::: PROVIDED DATA

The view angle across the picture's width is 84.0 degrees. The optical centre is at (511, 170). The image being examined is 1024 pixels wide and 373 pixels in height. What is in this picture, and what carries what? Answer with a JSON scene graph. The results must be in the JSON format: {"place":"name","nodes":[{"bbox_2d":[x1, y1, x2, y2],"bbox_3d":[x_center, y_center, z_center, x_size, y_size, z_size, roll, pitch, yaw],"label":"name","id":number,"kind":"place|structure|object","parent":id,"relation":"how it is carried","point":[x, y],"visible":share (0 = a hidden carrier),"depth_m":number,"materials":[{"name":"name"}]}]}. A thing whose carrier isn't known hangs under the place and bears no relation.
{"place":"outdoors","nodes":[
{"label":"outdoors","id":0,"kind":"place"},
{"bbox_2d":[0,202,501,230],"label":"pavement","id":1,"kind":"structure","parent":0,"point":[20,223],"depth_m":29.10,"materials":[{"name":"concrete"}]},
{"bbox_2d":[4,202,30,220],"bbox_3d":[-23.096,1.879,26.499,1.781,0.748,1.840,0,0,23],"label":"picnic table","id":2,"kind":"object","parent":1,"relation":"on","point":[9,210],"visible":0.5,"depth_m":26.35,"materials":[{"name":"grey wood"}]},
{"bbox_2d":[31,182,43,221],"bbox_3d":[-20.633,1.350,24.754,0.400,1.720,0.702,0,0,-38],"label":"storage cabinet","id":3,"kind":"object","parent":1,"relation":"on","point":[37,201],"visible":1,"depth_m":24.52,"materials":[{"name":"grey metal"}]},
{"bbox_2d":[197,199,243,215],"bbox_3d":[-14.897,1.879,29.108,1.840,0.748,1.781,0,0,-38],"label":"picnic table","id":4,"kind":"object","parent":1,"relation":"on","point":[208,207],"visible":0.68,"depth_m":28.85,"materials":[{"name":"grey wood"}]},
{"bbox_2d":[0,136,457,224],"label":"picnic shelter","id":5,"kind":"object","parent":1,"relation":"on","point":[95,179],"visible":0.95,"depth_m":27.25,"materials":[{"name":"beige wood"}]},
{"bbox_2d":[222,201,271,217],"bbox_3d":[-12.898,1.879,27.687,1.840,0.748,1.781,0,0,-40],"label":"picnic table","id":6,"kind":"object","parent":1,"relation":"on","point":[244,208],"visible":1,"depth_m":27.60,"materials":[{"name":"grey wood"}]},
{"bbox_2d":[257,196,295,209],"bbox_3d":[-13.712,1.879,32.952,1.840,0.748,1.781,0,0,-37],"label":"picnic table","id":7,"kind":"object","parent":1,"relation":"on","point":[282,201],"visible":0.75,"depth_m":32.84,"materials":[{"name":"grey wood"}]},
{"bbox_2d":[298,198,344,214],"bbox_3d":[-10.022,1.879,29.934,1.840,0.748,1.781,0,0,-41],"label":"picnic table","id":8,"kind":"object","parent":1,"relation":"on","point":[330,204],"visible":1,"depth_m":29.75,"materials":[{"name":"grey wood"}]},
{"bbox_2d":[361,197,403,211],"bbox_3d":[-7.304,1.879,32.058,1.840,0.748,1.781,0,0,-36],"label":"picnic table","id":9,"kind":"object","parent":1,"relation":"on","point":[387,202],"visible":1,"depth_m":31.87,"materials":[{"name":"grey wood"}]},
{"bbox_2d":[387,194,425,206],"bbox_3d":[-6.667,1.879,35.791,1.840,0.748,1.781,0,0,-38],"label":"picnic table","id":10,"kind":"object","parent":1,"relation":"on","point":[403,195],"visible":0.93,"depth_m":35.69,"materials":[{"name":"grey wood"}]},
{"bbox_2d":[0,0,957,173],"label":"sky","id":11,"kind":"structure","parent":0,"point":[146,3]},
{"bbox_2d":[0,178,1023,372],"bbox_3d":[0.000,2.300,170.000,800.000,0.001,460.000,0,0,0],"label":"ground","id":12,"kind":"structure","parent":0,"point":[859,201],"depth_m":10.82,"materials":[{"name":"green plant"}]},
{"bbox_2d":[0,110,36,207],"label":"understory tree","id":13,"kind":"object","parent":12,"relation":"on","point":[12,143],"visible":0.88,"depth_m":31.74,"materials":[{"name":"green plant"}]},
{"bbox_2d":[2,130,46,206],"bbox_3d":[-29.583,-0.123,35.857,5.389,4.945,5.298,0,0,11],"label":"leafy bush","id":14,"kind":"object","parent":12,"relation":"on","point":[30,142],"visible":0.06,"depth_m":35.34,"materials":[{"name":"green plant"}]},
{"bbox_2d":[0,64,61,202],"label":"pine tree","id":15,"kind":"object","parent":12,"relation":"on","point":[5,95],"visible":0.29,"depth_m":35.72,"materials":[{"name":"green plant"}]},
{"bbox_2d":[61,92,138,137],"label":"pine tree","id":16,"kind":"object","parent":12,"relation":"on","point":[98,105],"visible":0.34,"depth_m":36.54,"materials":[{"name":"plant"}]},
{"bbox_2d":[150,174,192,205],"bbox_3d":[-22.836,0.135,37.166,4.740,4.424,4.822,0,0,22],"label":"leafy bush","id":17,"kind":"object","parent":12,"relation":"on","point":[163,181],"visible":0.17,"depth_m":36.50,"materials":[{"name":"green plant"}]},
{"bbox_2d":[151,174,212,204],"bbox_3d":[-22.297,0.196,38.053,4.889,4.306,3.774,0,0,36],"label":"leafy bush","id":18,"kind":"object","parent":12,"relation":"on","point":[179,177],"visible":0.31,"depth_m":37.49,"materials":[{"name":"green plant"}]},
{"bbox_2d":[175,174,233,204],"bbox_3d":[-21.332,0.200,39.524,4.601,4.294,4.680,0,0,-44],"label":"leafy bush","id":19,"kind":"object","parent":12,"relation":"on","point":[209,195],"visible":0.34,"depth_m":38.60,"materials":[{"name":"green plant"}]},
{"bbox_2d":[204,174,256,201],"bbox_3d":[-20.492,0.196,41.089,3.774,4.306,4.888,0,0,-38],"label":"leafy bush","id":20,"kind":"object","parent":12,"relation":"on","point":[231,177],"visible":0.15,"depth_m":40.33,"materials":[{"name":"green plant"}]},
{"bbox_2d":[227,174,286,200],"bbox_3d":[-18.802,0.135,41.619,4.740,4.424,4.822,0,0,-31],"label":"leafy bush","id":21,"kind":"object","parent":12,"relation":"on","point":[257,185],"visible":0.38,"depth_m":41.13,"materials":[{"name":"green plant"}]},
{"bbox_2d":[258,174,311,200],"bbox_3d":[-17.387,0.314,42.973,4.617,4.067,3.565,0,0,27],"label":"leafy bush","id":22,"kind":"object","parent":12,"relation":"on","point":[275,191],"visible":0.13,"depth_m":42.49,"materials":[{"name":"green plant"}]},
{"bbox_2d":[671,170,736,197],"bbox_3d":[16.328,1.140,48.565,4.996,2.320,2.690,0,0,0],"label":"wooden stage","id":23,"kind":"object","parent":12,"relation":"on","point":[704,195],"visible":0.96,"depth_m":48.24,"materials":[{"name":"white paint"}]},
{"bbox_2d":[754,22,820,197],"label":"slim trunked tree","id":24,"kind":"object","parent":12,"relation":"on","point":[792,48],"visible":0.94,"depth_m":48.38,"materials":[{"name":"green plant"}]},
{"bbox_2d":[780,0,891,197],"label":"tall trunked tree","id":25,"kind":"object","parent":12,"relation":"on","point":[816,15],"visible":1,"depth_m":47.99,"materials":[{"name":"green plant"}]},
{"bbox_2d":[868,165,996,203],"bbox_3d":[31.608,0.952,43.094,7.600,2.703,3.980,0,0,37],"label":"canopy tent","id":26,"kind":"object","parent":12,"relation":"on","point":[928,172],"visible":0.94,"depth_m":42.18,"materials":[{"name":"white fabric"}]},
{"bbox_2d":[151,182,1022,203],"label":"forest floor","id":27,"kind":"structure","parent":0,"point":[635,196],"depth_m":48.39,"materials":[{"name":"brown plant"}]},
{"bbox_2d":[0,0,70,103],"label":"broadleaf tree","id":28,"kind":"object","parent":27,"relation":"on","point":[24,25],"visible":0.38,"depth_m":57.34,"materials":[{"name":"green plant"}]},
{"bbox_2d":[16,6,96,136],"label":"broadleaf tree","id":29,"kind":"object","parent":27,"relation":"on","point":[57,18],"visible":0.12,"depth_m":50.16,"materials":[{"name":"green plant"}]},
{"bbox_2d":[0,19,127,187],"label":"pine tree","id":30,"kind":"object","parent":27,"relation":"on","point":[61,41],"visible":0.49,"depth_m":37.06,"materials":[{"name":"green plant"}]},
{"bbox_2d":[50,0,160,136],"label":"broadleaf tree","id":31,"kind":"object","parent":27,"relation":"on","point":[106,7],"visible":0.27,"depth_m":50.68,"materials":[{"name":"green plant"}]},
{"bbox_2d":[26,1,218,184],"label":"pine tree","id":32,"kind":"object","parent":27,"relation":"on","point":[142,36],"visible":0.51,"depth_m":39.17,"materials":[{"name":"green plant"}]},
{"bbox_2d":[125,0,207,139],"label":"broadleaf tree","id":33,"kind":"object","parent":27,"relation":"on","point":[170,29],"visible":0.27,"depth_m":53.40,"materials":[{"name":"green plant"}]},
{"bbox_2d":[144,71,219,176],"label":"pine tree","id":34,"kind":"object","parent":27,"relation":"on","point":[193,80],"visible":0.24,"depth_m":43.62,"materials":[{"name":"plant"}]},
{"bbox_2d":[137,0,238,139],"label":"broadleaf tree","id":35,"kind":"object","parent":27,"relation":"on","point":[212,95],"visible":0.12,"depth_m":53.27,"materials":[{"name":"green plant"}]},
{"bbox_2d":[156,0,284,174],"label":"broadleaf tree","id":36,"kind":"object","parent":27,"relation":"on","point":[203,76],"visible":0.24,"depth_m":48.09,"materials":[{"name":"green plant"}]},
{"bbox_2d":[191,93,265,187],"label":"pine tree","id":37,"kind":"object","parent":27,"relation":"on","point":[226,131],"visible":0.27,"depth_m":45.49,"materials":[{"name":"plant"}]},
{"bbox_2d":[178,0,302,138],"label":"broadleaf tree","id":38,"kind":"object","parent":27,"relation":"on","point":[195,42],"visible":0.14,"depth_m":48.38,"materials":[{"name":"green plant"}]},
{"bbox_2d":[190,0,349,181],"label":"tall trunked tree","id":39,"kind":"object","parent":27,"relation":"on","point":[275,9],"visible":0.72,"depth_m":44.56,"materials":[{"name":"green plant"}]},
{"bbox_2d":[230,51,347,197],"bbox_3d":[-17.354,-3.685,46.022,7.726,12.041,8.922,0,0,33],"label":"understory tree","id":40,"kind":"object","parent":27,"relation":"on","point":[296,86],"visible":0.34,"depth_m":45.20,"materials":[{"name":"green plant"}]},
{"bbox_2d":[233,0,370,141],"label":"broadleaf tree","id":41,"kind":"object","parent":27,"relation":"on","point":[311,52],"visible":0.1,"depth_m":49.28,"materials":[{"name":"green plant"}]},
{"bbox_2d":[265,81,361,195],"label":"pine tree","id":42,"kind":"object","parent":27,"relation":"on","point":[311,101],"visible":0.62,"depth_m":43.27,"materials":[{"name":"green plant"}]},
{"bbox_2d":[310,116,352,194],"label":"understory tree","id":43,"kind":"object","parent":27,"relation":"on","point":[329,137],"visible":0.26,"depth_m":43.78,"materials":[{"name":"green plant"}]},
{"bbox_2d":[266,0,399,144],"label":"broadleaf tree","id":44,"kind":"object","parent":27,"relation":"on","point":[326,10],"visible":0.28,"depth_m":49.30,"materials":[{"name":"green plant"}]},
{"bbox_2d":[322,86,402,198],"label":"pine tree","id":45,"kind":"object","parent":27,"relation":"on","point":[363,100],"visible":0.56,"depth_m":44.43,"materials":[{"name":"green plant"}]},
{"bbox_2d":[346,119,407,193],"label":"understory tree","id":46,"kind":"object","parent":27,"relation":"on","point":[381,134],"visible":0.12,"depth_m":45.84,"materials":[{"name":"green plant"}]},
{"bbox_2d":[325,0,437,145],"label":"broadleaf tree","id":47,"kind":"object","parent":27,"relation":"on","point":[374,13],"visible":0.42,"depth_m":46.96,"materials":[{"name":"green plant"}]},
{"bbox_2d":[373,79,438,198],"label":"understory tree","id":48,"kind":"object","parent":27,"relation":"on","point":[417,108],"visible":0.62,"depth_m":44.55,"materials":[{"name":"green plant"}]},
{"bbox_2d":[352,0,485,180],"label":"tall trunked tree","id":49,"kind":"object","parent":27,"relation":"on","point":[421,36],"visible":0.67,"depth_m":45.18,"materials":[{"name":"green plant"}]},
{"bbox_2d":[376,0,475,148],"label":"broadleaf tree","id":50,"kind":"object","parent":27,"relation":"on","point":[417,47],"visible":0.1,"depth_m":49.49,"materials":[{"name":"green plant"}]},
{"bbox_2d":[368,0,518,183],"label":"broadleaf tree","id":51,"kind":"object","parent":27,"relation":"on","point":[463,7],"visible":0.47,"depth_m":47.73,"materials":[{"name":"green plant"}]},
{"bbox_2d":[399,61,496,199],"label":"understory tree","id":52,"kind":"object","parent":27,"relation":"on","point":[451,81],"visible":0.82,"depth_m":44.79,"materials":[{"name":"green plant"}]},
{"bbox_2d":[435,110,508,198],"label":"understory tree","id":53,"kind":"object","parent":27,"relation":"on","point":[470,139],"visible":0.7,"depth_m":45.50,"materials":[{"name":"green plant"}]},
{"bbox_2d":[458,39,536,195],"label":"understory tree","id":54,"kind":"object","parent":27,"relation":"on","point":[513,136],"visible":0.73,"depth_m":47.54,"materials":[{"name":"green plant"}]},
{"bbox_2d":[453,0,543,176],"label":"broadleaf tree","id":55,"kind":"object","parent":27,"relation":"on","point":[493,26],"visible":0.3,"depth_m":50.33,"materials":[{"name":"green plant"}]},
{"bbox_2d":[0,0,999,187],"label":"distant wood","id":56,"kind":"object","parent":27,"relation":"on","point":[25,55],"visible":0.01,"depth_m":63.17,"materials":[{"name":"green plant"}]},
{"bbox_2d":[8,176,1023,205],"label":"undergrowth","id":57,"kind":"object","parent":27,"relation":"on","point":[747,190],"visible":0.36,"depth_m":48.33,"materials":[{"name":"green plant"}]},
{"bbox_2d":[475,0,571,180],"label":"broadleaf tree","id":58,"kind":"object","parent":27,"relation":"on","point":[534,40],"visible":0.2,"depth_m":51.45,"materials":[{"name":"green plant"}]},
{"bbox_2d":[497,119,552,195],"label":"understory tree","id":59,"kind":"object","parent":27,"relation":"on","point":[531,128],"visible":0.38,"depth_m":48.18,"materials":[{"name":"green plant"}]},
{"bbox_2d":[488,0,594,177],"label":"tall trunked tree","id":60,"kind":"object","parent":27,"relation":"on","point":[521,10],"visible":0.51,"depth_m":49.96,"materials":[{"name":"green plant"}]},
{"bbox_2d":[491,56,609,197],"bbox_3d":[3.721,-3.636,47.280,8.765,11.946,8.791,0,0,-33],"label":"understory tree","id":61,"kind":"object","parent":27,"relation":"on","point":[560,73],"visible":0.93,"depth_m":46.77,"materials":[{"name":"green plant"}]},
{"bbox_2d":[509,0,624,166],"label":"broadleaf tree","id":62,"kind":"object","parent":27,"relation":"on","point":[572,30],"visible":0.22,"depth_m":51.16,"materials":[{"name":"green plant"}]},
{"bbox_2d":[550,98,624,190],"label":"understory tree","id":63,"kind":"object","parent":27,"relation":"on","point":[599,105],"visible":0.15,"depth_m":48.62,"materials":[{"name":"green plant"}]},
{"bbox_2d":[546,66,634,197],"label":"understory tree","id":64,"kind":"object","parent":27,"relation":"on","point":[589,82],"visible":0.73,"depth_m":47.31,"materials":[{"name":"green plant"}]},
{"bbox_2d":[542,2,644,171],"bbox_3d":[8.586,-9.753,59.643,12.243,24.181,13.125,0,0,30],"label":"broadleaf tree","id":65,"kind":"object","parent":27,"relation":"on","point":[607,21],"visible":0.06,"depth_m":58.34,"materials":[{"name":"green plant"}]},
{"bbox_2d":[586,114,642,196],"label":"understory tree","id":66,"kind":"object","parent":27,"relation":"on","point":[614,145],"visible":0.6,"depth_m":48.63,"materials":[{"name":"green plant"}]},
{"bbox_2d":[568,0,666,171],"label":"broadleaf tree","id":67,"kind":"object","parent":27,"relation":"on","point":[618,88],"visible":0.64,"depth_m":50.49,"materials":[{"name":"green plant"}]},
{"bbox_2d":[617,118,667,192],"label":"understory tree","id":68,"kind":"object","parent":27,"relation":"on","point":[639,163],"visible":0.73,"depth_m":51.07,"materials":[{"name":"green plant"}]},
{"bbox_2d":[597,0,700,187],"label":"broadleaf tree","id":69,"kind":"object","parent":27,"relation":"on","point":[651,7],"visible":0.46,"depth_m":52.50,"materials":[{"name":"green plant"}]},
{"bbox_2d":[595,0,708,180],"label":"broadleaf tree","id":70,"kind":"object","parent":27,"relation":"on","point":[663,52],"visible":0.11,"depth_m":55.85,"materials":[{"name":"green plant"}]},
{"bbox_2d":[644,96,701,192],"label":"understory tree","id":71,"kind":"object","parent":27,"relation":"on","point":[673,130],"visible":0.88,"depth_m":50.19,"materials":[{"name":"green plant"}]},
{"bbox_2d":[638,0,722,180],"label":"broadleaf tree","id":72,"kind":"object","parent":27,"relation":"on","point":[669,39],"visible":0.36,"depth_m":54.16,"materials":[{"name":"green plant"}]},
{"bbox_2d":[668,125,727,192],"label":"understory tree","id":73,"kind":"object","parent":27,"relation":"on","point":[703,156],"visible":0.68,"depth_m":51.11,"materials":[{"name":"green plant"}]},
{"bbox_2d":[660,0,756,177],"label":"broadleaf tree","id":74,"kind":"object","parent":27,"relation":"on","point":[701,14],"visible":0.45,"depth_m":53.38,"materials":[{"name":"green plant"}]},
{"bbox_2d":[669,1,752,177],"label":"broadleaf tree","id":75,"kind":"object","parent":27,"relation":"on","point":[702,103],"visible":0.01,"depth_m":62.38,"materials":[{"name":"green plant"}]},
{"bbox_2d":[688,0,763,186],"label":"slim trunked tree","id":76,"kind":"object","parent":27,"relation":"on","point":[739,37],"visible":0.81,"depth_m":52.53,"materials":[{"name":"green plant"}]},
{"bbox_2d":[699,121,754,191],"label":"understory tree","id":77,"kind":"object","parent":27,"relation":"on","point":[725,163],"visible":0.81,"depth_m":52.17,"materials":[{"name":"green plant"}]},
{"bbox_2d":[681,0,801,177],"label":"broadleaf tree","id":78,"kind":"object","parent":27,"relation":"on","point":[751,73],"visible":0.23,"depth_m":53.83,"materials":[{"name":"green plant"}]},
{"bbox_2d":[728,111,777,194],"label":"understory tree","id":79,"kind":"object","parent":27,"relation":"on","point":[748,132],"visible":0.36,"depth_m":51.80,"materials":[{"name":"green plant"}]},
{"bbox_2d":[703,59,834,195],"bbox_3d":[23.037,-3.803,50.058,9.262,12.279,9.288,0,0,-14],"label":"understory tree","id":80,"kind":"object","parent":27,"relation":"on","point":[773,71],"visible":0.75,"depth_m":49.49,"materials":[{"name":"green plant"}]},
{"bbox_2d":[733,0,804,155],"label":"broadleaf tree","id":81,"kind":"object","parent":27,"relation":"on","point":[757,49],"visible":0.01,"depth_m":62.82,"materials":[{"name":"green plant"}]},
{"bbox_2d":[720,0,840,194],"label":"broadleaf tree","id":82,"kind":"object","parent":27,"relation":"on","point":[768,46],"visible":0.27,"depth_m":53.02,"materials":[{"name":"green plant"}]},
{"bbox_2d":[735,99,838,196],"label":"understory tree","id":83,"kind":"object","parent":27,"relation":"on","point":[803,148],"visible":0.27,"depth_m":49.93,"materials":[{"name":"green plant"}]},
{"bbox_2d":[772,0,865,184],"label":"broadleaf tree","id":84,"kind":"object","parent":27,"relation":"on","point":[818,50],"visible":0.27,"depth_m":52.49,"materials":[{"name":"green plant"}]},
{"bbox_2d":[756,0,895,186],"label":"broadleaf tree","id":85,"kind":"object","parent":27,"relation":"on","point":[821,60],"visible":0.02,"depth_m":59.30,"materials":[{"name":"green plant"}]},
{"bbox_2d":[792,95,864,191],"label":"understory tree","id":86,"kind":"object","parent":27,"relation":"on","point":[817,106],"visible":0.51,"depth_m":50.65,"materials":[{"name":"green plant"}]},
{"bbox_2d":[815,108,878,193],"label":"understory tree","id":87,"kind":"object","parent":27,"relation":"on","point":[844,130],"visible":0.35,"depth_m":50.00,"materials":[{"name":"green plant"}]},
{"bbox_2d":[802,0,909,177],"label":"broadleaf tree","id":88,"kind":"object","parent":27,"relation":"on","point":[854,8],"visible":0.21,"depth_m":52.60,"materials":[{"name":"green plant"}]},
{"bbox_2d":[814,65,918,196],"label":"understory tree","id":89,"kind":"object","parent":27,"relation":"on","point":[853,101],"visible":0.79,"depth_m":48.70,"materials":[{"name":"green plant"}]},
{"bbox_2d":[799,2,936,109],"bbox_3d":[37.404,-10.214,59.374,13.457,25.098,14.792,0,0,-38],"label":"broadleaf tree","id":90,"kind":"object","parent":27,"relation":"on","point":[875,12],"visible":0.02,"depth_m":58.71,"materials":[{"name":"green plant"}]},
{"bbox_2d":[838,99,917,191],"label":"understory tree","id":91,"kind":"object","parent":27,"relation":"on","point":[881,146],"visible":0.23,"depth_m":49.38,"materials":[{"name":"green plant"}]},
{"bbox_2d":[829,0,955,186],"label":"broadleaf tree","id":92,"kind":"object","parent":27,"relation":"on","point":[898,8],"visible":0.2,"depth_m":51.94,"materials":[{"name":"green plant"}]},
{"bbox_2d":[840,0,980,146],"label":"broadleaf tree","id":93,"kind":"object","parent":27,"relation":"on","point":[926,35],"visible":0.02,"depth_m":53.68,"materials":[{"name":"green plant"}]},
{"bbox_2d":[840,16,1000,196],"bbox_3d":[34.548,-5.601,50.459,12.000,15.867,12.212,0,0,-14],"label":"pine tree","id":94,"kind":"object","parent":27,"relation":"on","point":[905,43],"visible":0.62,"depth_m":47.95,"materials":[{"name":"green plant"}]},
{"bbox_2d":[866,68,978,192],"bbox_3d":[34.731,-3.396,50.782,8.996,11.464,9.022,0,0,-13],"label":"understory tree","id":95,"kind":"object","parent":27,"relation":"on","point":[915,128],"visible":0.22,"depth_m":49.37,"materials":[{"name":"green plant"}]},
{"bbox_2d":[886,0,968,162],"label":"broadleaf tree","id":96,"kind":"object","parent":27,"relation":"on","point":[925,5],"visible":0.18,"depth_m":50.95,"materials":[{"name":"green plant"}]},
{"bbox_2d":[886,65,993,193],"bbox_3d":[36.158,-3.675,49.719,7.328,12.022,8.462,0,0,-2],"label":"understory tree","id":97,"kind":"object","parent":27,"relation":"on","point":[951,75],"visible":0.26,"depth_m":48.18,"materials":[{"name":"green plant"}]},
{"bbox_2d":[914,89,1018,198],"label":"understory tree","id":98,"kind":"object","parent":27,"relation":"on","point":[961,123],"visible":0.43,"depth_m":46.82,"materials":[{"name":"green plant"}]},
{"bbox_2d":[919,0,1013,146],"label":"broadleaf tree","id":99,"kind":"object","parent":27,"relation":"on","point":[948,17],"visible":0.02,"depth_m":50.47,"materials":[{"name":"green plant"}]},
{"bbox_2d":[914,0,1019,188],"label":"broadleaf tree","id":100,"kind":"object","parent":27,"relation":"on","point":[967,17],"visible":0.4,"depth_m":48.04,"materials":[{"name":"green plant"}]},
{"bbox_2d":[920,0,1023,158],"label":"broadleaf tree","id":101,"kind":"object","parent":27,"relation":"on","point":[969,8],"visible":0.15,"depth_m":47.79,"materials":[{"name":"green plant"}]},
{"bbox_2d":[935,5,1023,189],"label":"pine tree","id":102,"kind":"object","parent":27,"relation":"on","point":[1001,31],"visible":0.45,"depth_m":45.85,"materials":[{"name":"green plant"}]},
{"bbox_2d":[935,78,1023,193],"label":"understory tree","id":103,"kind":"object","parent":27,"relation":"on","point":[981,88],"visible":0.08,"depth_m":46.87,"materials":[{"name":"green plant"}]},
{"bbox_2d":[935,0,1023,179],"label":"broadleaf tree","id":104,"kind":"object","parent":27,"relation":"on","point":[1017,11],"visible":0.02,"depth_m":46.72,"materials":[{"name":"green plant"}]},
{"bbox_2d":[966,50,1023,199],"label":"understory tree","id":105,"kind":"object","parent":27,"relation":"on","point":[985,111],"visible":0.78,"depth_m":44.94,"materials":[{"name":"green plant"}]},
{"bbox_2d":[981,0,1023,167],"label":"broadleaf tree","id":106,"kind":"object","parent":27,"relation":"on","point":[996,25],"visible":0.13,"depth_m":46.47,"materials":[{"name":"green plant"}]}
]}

::::::

- _WORK TO COMPLETE_: Your task is to return each line of the data above that contains the string "slim".

- _EXPECTED ANSWER_:
{"bbox_2d":[754,22,820,197],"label":"slim trunked tree","id":24,"kind":"object","parent":12,"relation":"on","point":[792,48],"visible":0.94,"depth_m":48.38,"materials":[{"name":"green plant"}]},
{"bbox_2d":[688,0,763,186],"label":"slim trunked tree","id":76,"kind":"object","parent":27,"relation":"on","point":[739,37],"visible":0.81,"depth_m":52.53,"materials":[{"name":"green plant"}]},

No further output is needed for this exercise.